Data items:
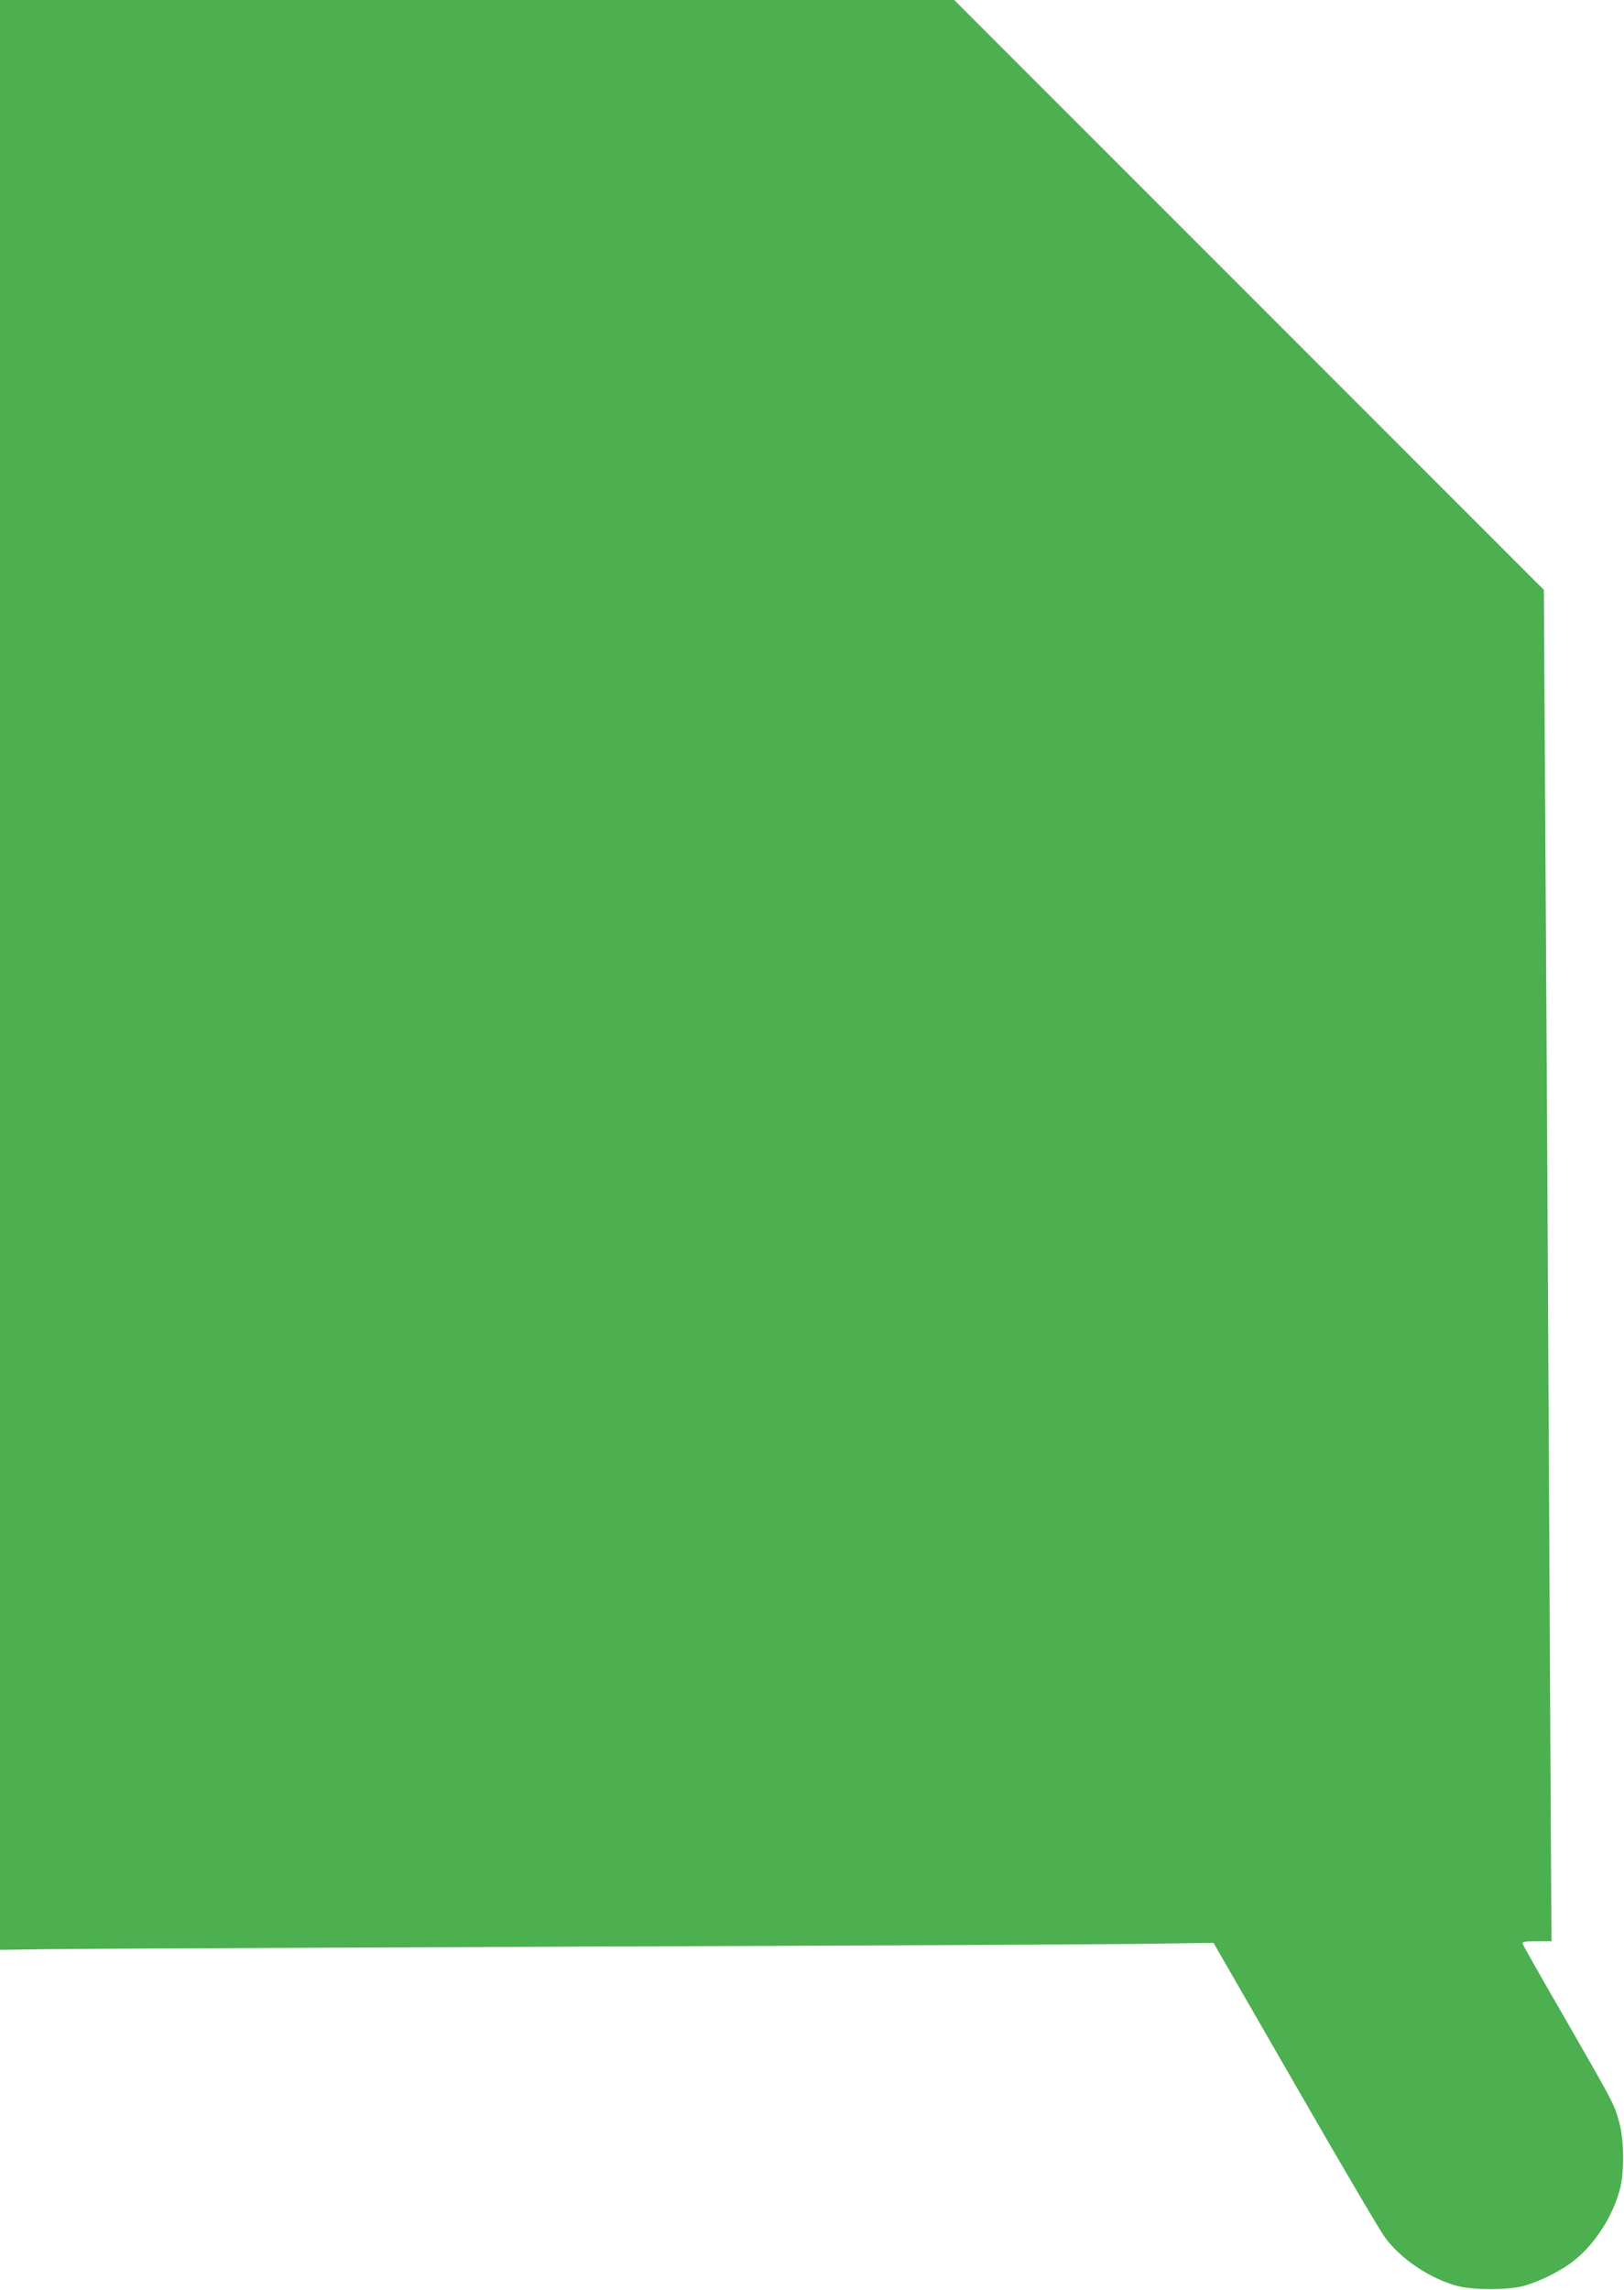 <?xml version="1.0" standalone="no"?>
<!DOCTYPE svg PUBLIC "-//W3C//DTD SVG 20010904//EN"
 "http://www.w3.org/TR/2001/REC-SVG-20010904/DTD/svg10.dtd">
<svg version="1.0" xmlns="http://www.w3.org/2000/svg"
 width="908pt" height="1280pt" viewBox="0 0 908 1280"
 preserveAspectRatio="xMidYMid meet">
<g transform="translate(0,1280) scale(0.1,-0.1)"
fill="#4caf50" stroke="none">
<path d="M0 7351 l0 -5449 283 4 c155 2 1481 8 2947 14 1466 5 2865 12 3110
15 l445 6 455 -790 c250 -435 477 -821 504 -857 91 -123 254 -231 406 -271 89
-23 282 -23 370 1 92 25 215 87 288 147 112 92 209 243 248 389 27 98 25 282
-4 383 -29 101 -25 93 -297 567 -129 223 -237 413 -240 423 -6 15 1 17 76 17
l84 0 -2 252 c-1 139 -7 1234 -13 2433 -6 1199 -15 2785 -20 3524 l-8 1344
-1649 1649 -1648 1648 -2667 0 -2668 0 0 -5449z"/>
</g>
</svg>

• WHAT TO PRODUCE: Output every entry exactly. Pictures stay out.

• ANSWER TO THE EXERCISE:
 <?xml version="1.0" standalone="no"?>
<!DOCTYPE svg PUBLIC "-//W3C//DTD SVG 20010904//EN"
 "http://www.w3.org/TR/2001/REC-SVG-20010904/DTD/svg10.dtd">
<svg version="1.0" xmlns="http://www.w3.org/2000/svg"
 width="908pt" height="1280pt" viewBox="0 0 908 1280"
 preserveAspectRatio="xMidYMid meet">
<g transform="translate(0,1280) scale(0.1,-0.1)"
fill="#4caf50" stroke="none">
<path d="M0 7351 l0 -5449 283 4 c155 2 1481 8 2947 14 1466 5 2865 12 3110
15 l445 6 455 -790 c250 -435 477 -821 504 -857 91 -123 254 -231 406 -271 89
-23 282 -23 370 1 92 25 215 87 288 147 112 92 209 243 248 389 27 98 25 282
-4 383 -29 101 -25 93 -297 567 -129 223 -237 413 -240 423 -6 15 1 17 76 17
l84 0 -2 252 c-1 139 -7 1234 -13 2433 -6 1199 -15 2785 -20 3524 l-8 1344
-1649 1649 -1648 1648 -2667 0 -2668 0 0 -5449z"/>
</g>
</svg>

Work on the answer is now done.